Mussolini menziona sempre cittadini germanici e allogeni tedeschi, ma non compare mai “allogeni ladini”. Tale questione provocò molte polemiche nel governo italiano, mentre per i tedeschi il fatto di includere anche i ladini era coerente con il loro scopo di ottenere un ampio plebiscito.

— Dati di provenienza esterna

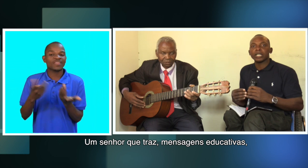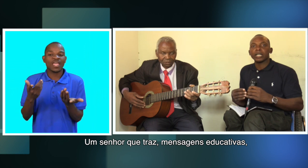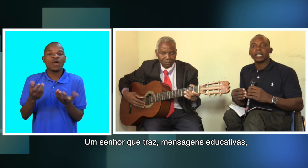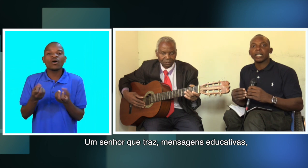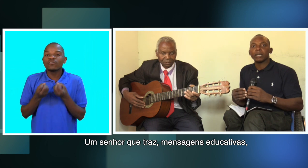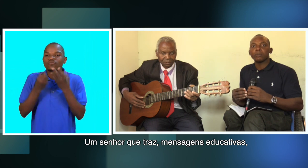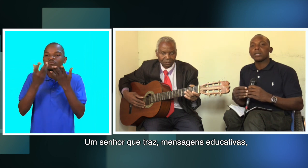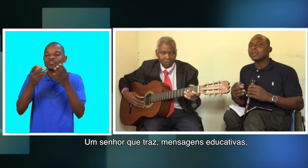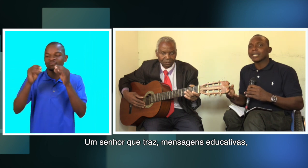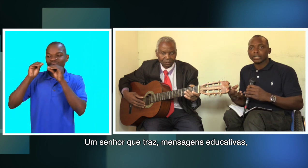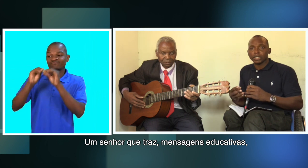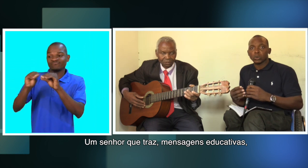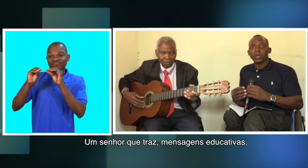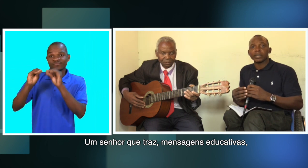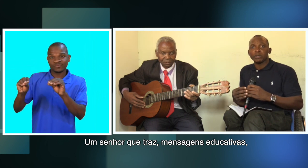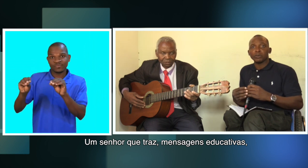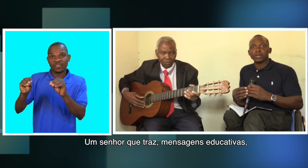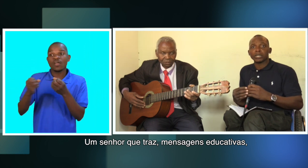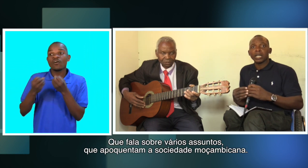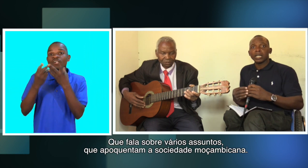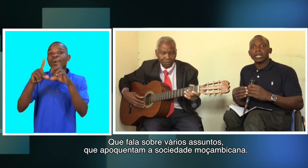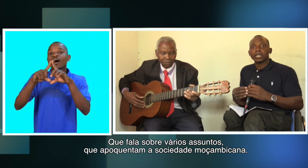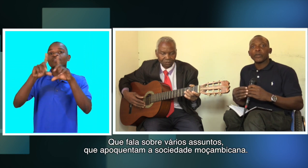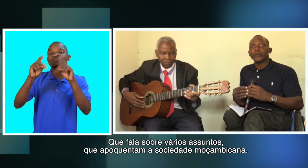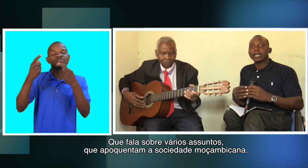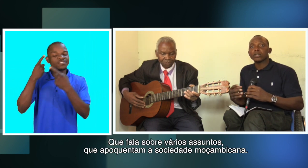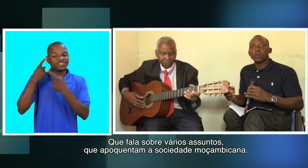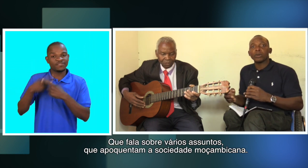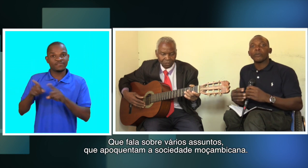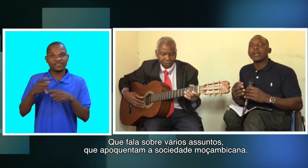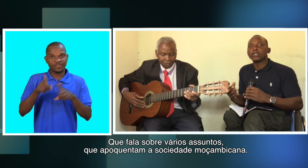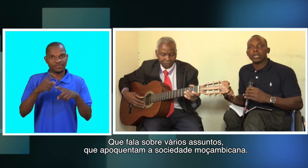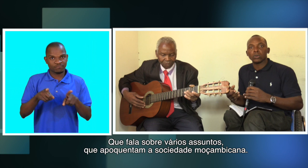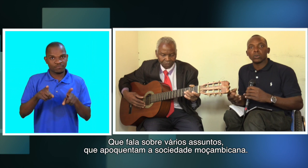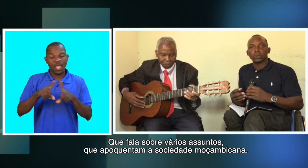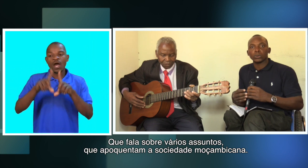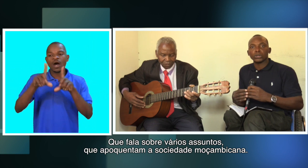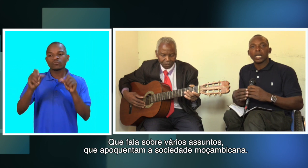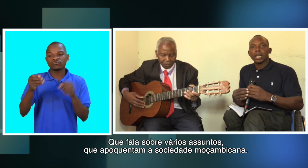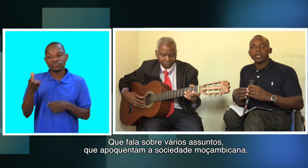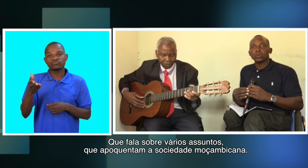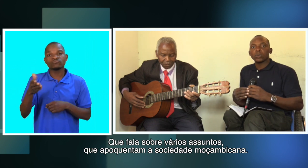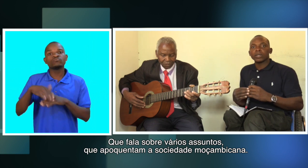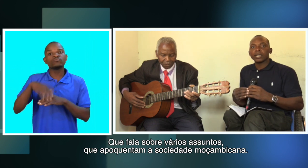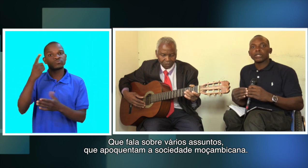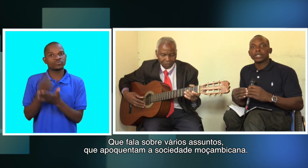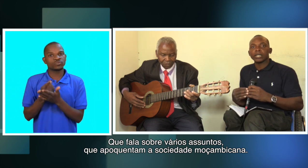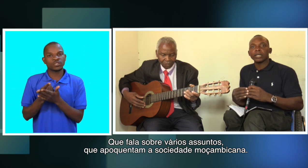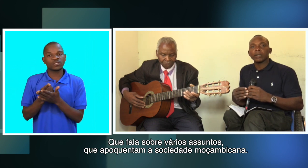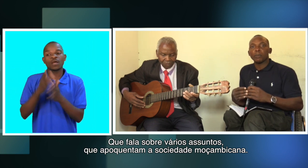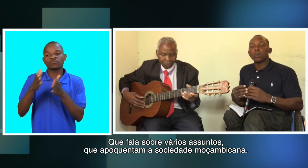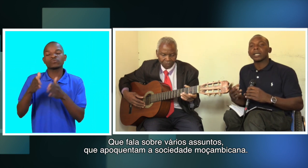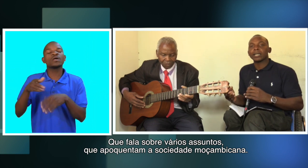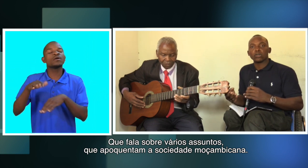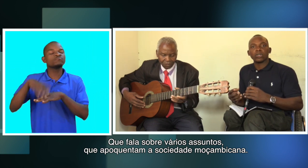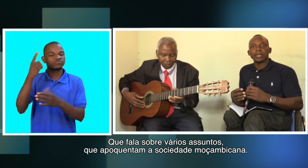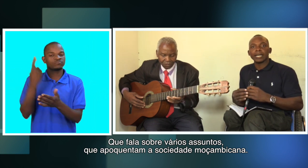mensagens educativas que fala sobre vários assuntos assuntos essas que a pouco entra a sociedade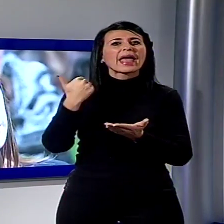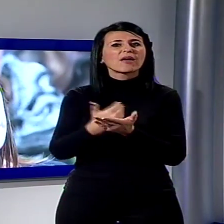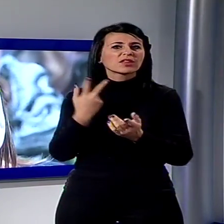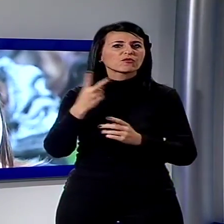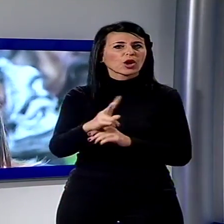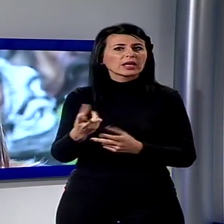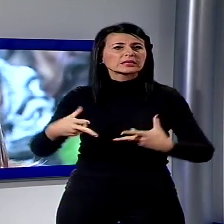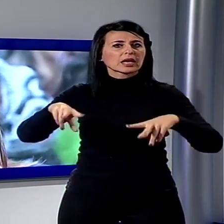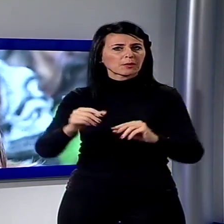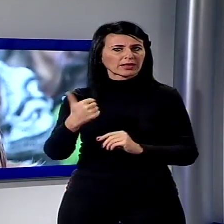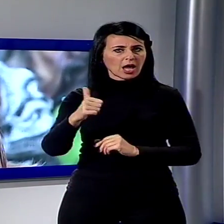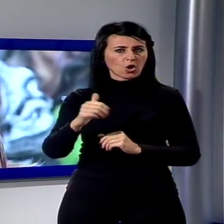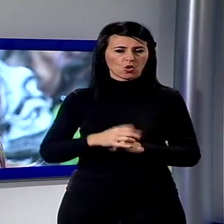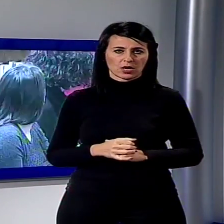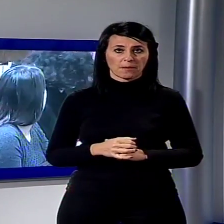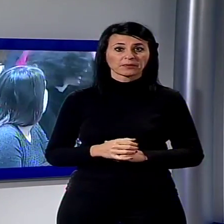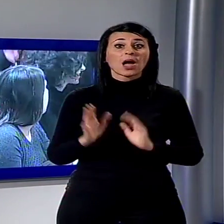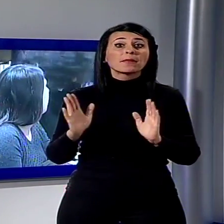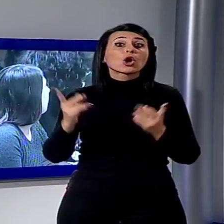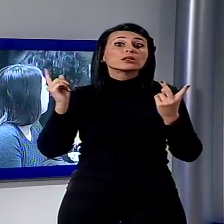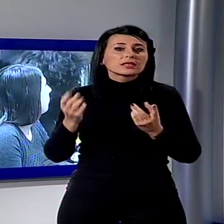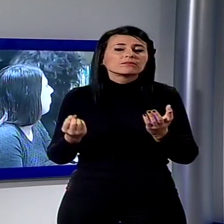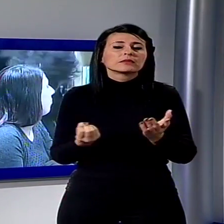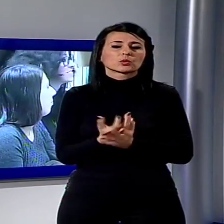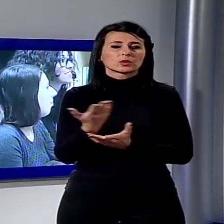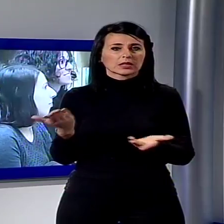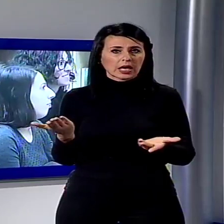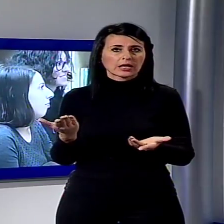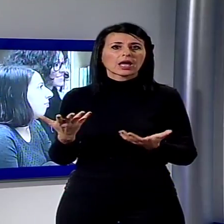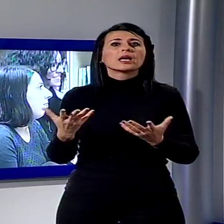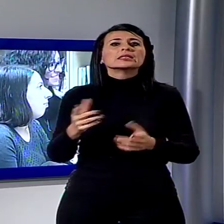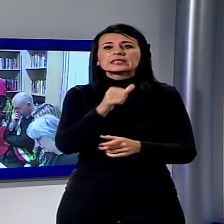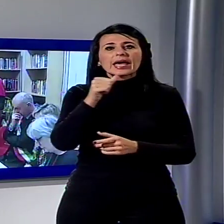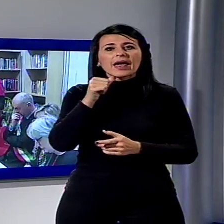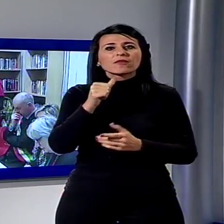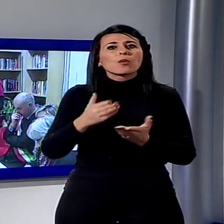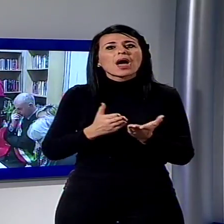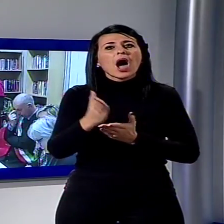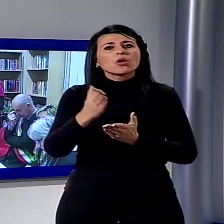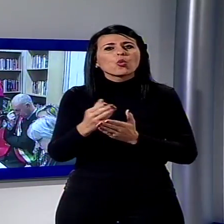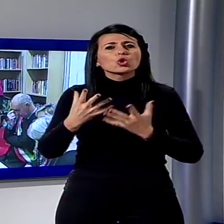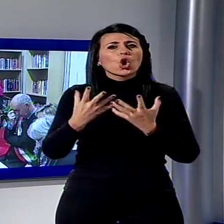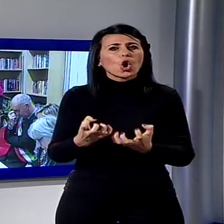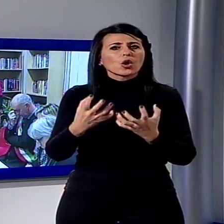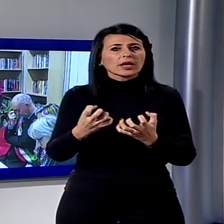'aiuto concreto, il supporto laddove invece ci saranno fenomeni di

E’ doveroso far notare che il regime fascista solo in un secondo momento decise di porre fine al disorientamento generale, per evitare un esodo troppo massiccio dall’ Alto Adige verso il Reich; tuttavia l’ iniziativa non fu molto utile e per di più giocò a sfavore il fatto che era stata presentata in ritardo. Il 17 novembre 1939 la Presidenza del Consiglio dei ministri presentò una documentazione dal titolo “Chiarimenti alle

norme per il rimpatrio dei cittadini germanici e per l’ emigrazione di allogeni tedeschi dall’ Alto Adige in

Germania”, le quali, come vedremo in seguito, toccheranno aspetti riguardanti la libertà di optare senza condizionamenti o pressioni esterne. La realtà fu ben diversa e pochi vennero a conoscenza di tali chiarimenti. I ladini furono senza dubbio il gruppo che più si trovò disorientato di fronte alla scelta di opzione: l’ alternativa era, come abbiamo visto, tra “tedesco o italiano”. Se per i sudtirolesi era ( in linea teorica, si badi bene ) relativamente scontato quale scegliere, i ladini, non riconosciuti né come popolo né come minoranza, si videro di fronte alla scelta radicale tra due macrogruppi etno-linguistici, nessuno dei quali li rappresentava pienamente.